The former diplomat believes that Azerbaijan should exert political, diplomatic and even military pressure on Pashinyan.
The Co-Chairs of the OSCE Minsk Group (Igor Popov of the Russian Federation, Stephane Visconti of France, and Andrew Schofer of the US) met with Armenian Prime Minister Nikol Pashinyan in Yerevan Feb. 20 and Azerbaijani President Ilham Aliyev in Baku Feb. 21 to discuss preparations for a meeting of the leaders in the near future, including possible topics for discussion.
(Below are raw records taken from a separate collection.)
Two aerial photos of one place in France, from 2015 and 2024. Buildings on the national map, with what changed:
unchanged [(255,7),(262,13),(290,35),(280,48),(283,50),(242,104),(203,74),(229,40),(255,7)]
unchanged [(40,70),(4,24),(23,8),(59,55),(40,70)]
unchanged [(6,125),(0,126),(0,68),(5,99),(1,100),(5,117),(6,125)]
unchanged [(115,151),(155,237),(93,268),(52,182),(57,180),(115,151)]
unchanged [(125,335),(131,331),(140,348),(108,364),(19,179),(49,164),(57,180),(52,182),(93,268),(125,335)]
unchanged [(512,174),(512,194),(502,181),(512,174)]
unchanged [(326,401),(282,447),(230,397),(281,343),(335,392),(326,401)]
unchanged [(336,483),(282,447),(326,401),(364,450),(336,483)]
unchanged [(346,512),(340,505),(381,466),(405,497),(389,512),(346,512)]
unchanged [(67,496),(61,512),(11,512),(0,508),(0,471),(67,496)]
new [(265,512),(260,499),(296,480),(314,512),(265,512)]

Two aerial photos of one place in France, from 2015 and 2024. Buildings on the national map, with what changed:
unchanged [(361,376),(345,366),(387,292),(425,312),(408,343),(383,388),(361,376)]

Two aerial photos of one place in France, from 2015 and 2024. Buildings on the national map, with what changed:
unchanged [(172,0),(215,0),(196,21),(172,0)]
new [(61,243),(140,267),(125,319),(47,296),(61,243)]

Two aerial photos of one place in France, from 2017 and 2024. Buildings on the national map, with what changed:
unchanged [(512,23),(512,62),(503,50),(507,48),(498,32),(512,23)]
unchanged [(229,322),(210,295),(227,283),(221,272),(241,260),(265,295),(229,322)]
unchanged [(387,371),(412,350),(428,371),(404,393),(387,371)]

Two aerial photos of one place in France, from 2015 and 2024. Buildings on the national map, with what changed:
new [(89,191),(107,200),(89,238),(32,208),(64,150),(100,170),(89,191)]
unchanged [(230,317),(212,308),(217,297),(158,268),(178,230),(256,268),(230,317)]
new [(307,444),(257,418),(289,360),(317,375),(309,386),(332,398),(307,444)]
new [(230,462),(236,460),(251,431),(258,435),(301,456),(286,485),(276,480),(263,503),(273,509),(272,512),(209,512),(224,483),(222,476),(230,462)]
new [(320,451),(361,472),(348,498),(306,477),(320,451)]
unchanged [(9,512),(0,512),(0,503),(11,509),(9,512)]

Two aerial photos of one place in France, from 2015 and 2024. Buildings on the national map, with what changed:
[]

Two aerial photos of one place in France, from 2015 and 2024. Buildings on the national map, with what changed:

Following their visit to the region, the Co-Chairs and the Personal Representative of the OSCE Chairperson-in-Office travelled to Vienna and Bratislava from Feb. 28 to March 1 to brief the Permanent Representatives of the OSCE Minsk Group countries, OSCE Secretary General Thomas Greminger, and OSCE Chairperson-in-Office Slovak Foreign Minister Miroslav Lajcak, according to the statement.
The conflict between the two South Caucasus countries began in 1988 when Armenia made territorial claims against Azerbaijan. As a result of the ensuing war, in 1992 Armenian armed forces occupied 20 per cent of Azerbaijan, including the Nagorno-Karabakh region and seven surrounding districts.
The 1994 ceasefire agreement was followed by peace negotiations. Armenia has not yet implemented four UN Security Council resolutions on withdrawal of its armed forces from Nagorno-Karabakh and the surrounding districts.